TL;DR - what I can do in 10 minutes on a desktop python app (windows or Linux, both worked fine) seems near impossible as an Android app.
I have a simple application to prototype: take a wired USB webcam, display it on the screen on a computer device (ideally a small device/screen), and draw a few GUI elements on top of it.
Using Python scripting and OpenCV, I had a working cross-compatible script in 10 minutes, for both Linux and Windows.
Then I realized I'd love this to work on an Android phone. I have devices with USB OTG, and a USB-C hub for the webcam. I confirmed the hardware setup working using someone else's closed source app.
However the development process has been awful. Android Studio has so much going on for a 'Hello World', and trying to integrate various USB webcam libraries has been impossible, even with AI assistants and Google guiding me. Things to do with Gradle versions or Kotlin versions being wrong between the libraries and my Android studio; my project not being able to include external repos via dependencies or toml files, etc.
In frustration I then tried a few python-to-android solutions, which promise to take a python script and make an APK. I tried: Kivy + python for android, and then Beeswax or Briefcase (may have butchered names slightly). Neither would build without extremely esoteric errors that neither me nor GPT had any chance to fix.
Well, looks like modern mobile phones are not a great hacker's playground, huh?
I guess I will go for a raspberry pi equivalent. In fact I already have tested my script on a RPi and it's just fine. But what a waste, needing to use a new computer module, screen display, and battery, when the smartphone has all 3 components nicely set up already in one sleek package.
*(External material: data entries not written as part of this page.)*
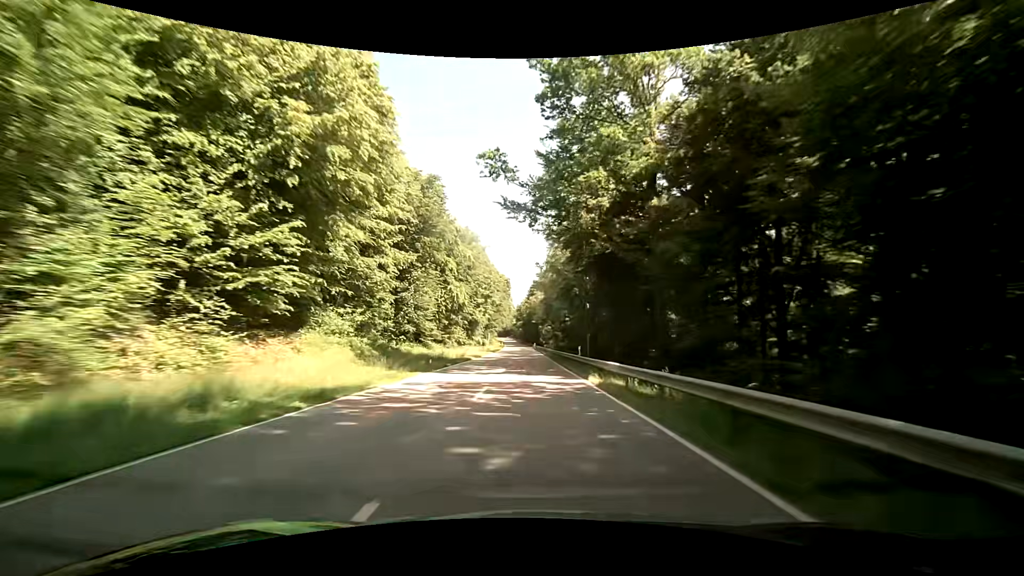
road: secondary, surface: asphalt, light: Day
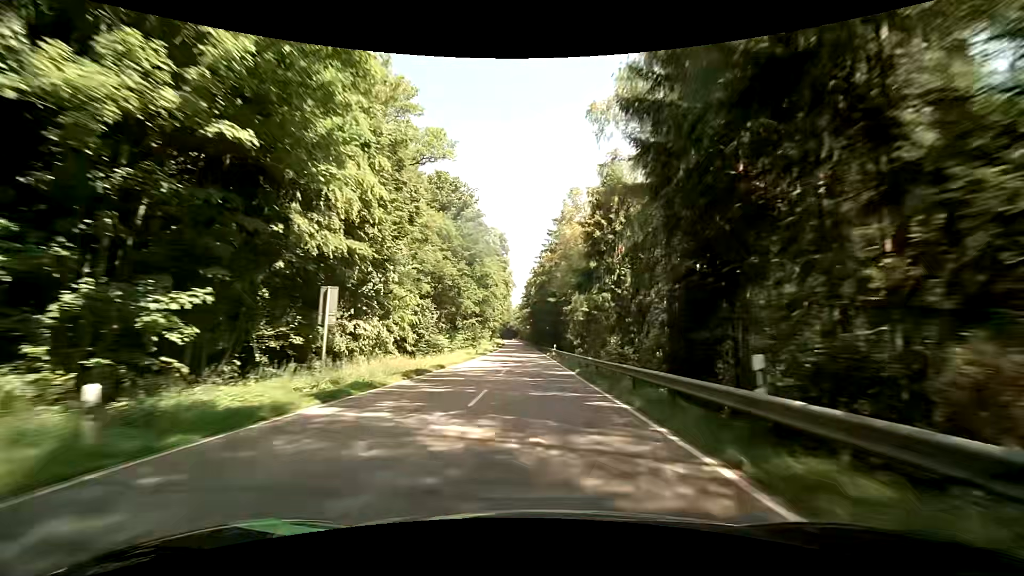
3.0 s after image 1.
(-0.4, +73.3) m; -1°
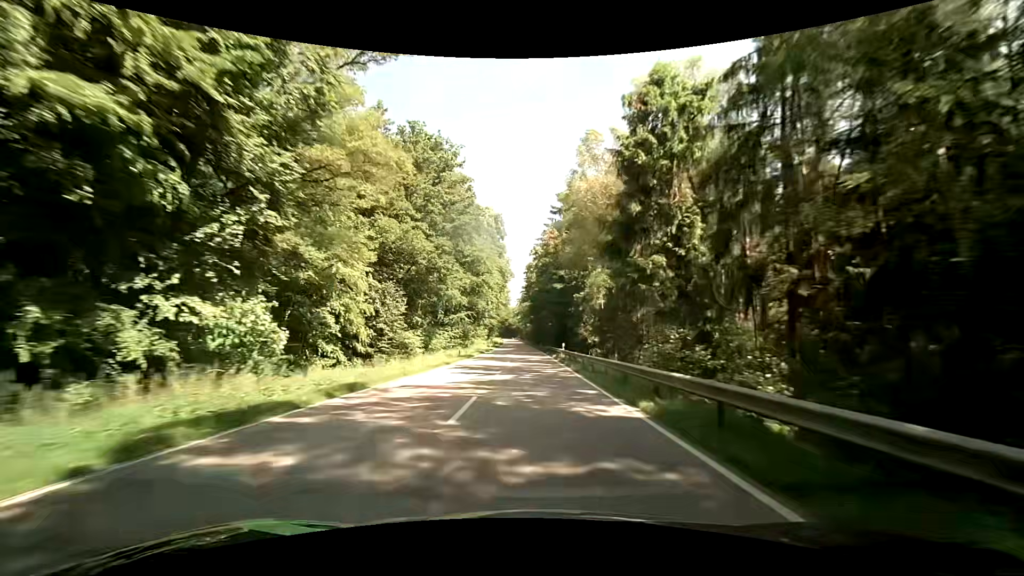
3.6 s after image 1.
(0.0, +14.7) m; 0°
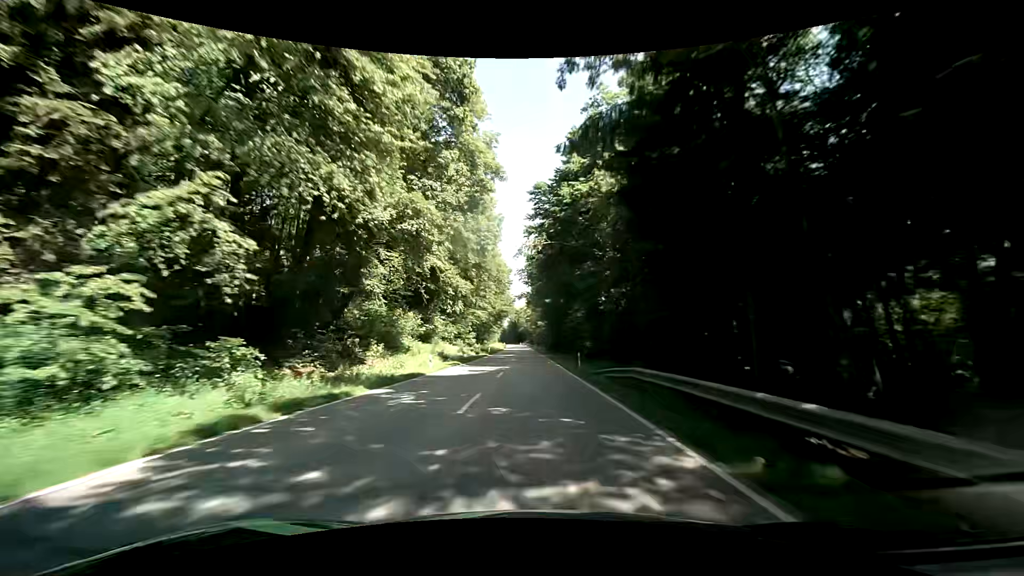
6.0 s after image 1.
(-0.8, +58.5) m; -2°
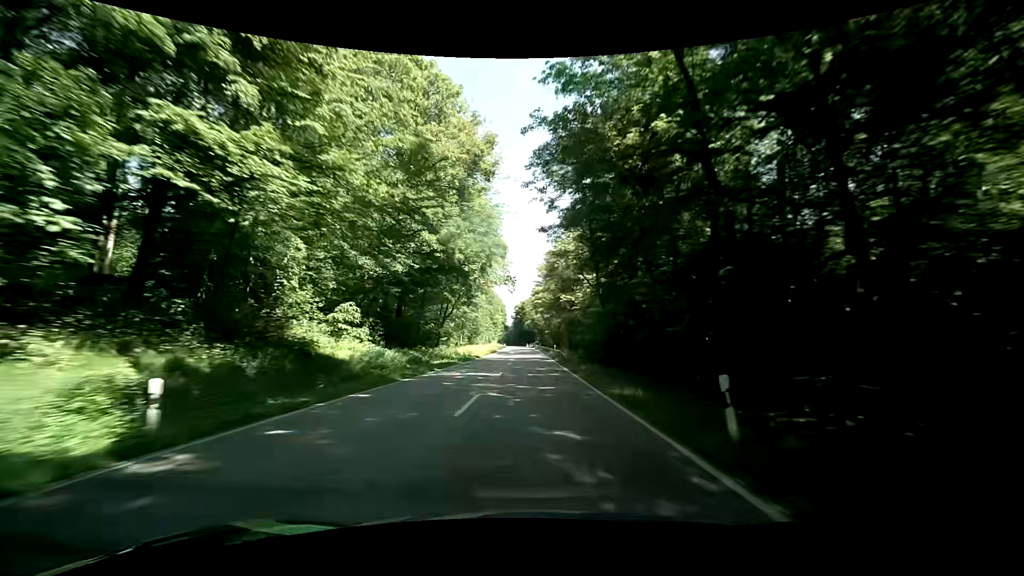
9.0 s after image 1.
(-0.1, +72.7) m; -1°
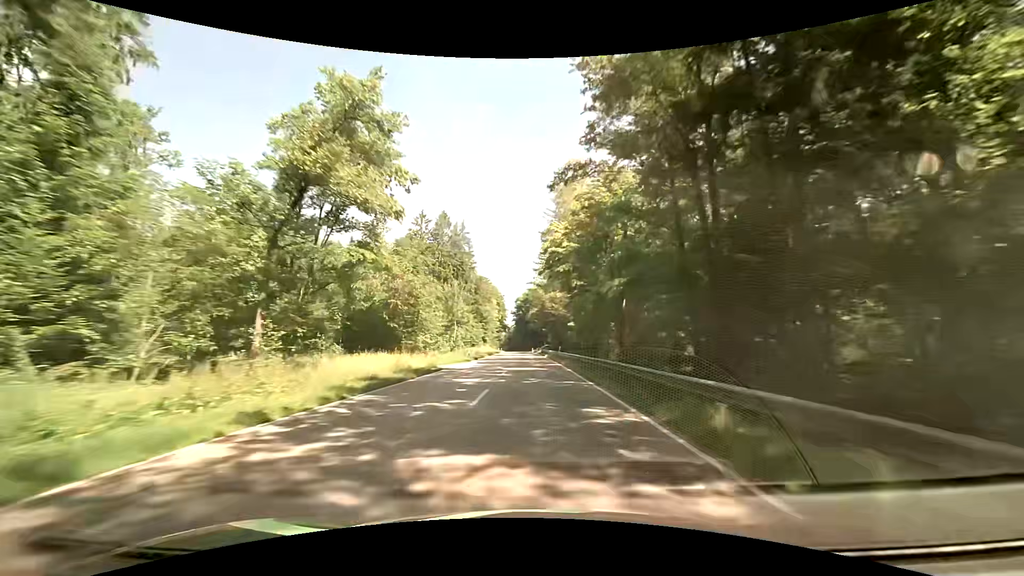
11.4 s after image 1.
(+0.1, +58.0) m; 0°
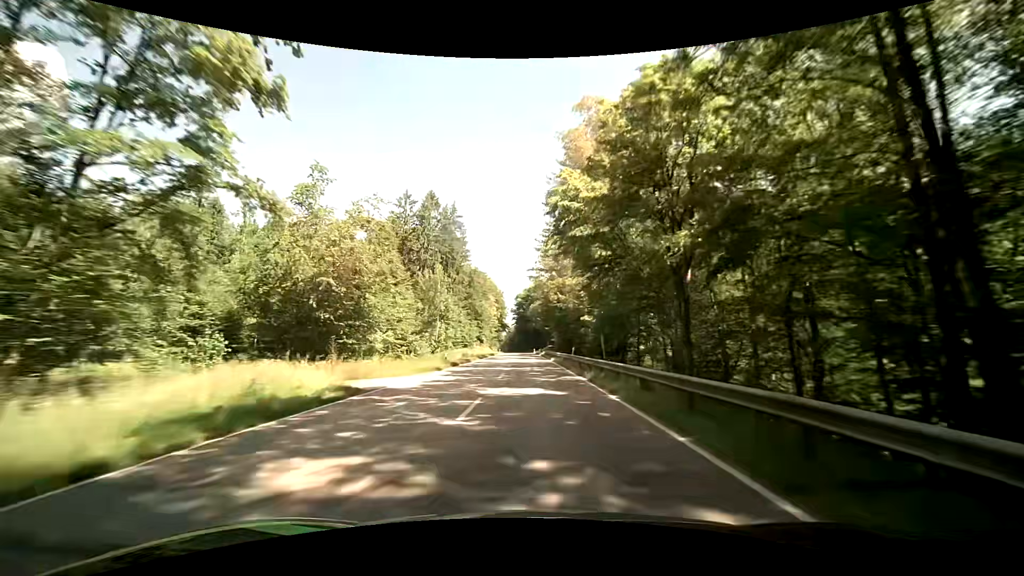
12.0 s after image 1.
(-0.1, +14.5) m; 0°
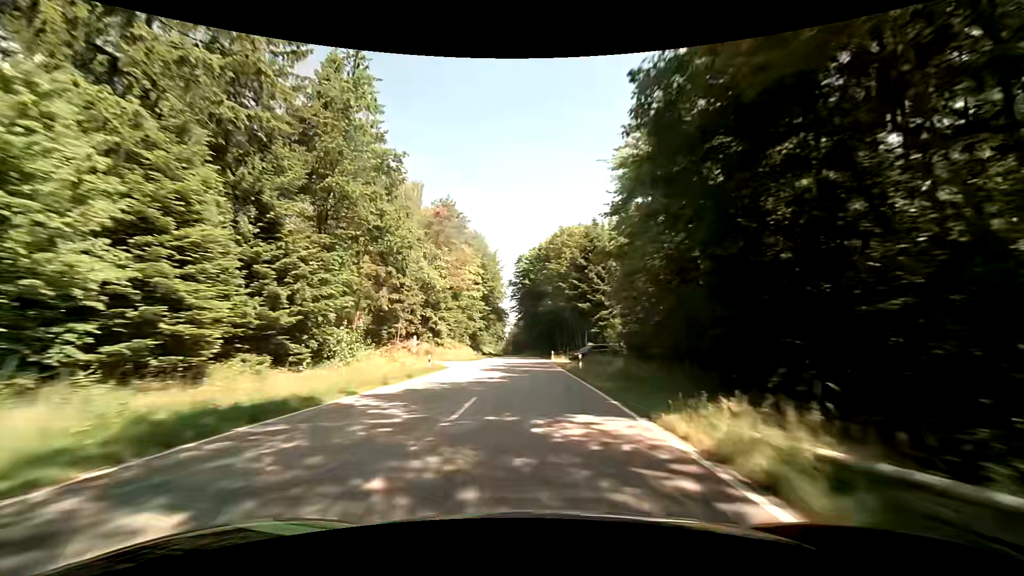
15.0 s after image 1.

Anyways that's my rant, wanted to get others' takes on Android (or smartphone in general) dev these days, or even some project advice in case anyone has done something similar connecting a wired webcam to a smartphone.
GPT does poorly with beginners - it's definitely something humans have advantage with AI and I expect the gap to get bigger.
I do not touch legacy projects anymore because they're always horribly broken, half the libraries no longer exist. Many of them are easier to rewrite than fix. You get weird bugs where A needs to be 1.71.0 but B needs A at 1.69.0 or 2+. Upgrading A to 2.0.1 will fix A and B but break CDEFG. Upgrading everything to max breaks switch-case, turns some of your brackets to lambdas, requires you to change your UI from XML to Kotlin, etc, etc.
If you want something to hack stuff with, I made this: https://github.com/smuzani/android-minimalist-template
Originally it was designed for AI with smaller context windows. But it works as a simplified version of our production codebase. The principle behind this is that you should have good peripheral vision and that the shape of the code resembles what it's trying to build.